Quality of life and psychological aspects
Dr Kiprono and colleagues from Tanzania found that in vitiligo patients of African descent there was a moderate impairment of quality of life when studied using the Dermatology Life Quality Index (DLQI: Int J Dermatol. 2013; 52: 191-4). In Turkey Dr Bilgic and colleagues looked at depression in children and adolescents with vitiligo (Clin Exper Dermatol 2011; 36: 360-5).
They found that vitiligo relates to the severity of depression in children, but a similar effect was not observed in adolescents, and suggested that the location of the lesions is a significant factor that leads to quality of life impairment, possibly because of its effects on identity development. In Korean adolescents with vitiligo, researchers found that quality of life is closely related to the patients’ apprehensions about their disease, psychosocial adjustment, and psychiatric morbidity, rather than the clinical severity of the condition itself (Choi et al. J Eur Acad Dermatol Venereol 2010; 24: 524-9).

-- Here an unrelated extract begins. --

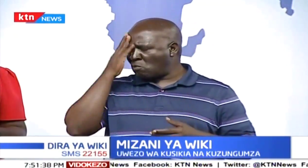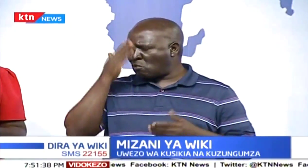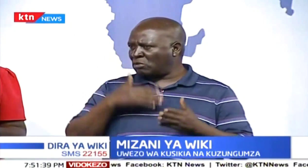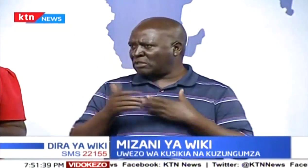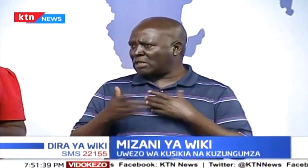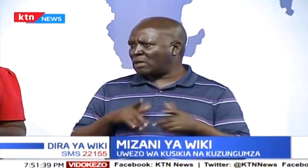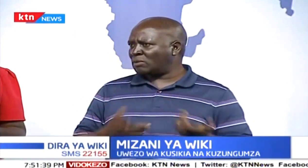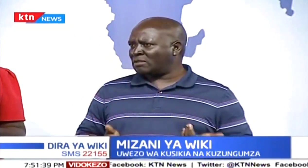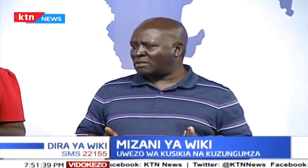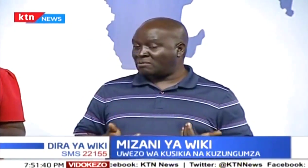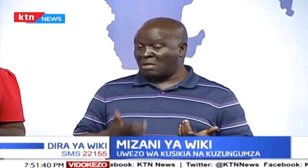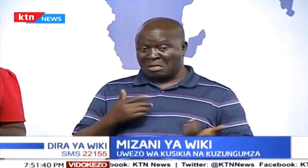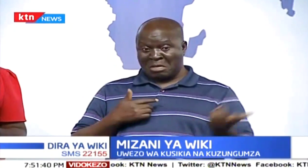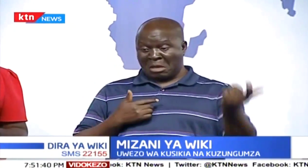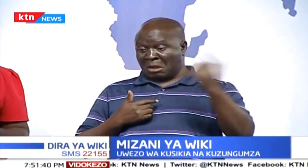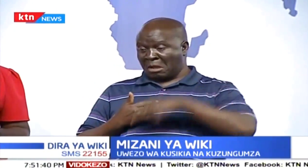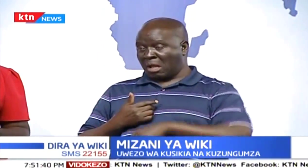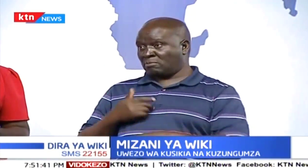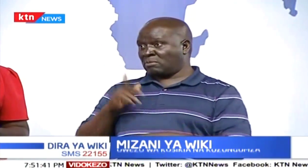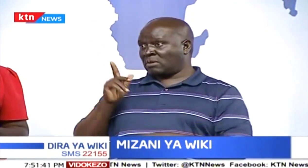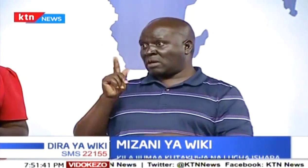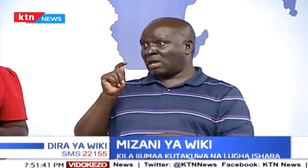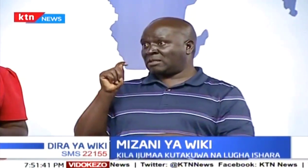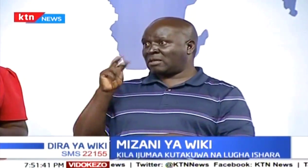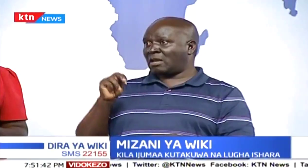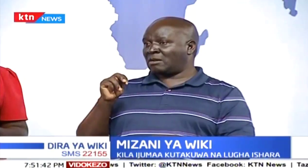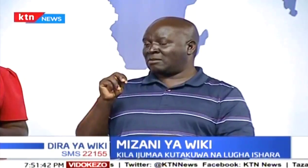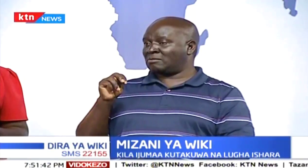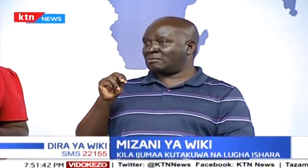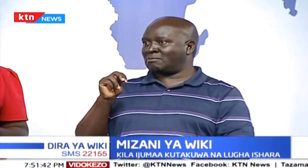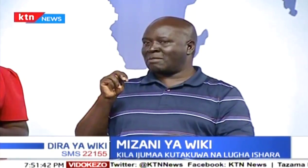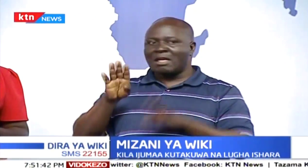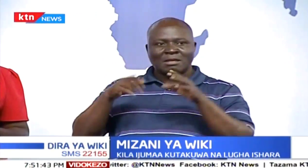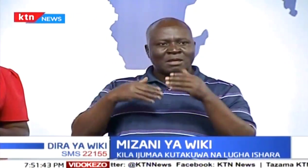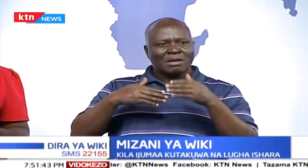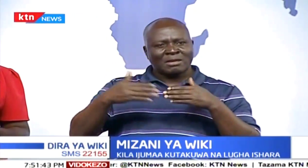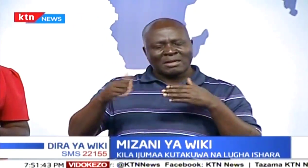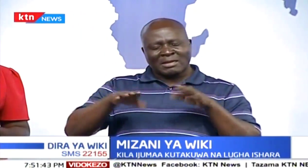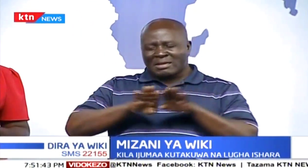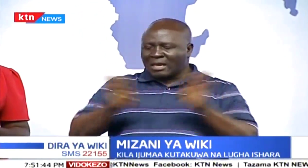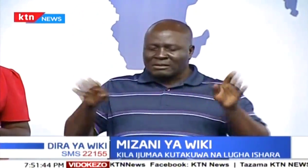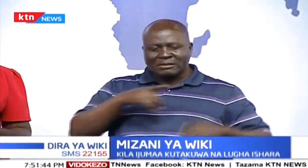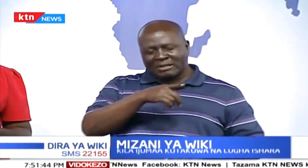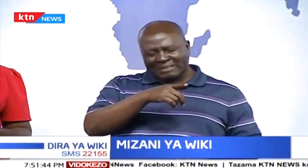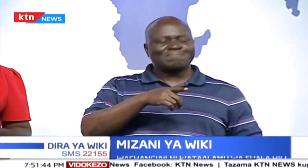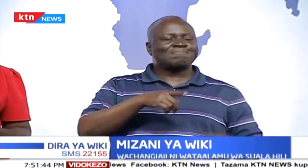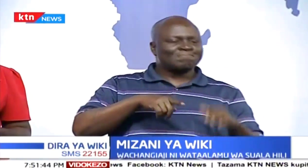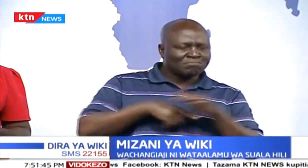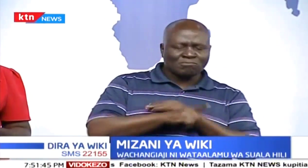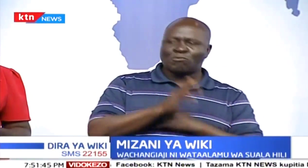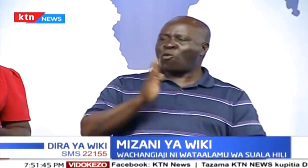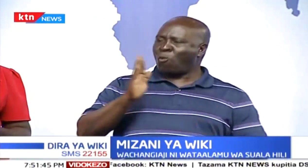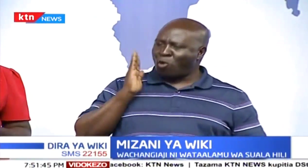magari za usafiri, wajue luga ya ishara. Na. Ndiyo, uweze

The ways in which British Asian women manage and adjust psychosocially to vitiligo, and the potential role of ethnicity and culture in this process have been investigated (Thompson et al. Br J Dermatol 2010; 163: 481-6). Asian women described feeling visibly different and all had experienced stigmatization to some extent. Avoidance and concealment were commonplace. Experiences of stigmatization were often perceived to be associated with cultural values related to appearance, status, and myths linked to the cause of the condition.
Researchers from Belgium found that the quality of life impairment in women affected with vitiligo assessed using the DLQI, was equal to the impairment caused by psoriasis (Ongenae et al. Br J Dermatol 2005; 152: 1165-72). Sukan and Maner researching in Turkey, found that vitiligo had a negative impact on the sex lives of women with vitiligo (J Sex Marital Ther. 2007; 33: 55-64.).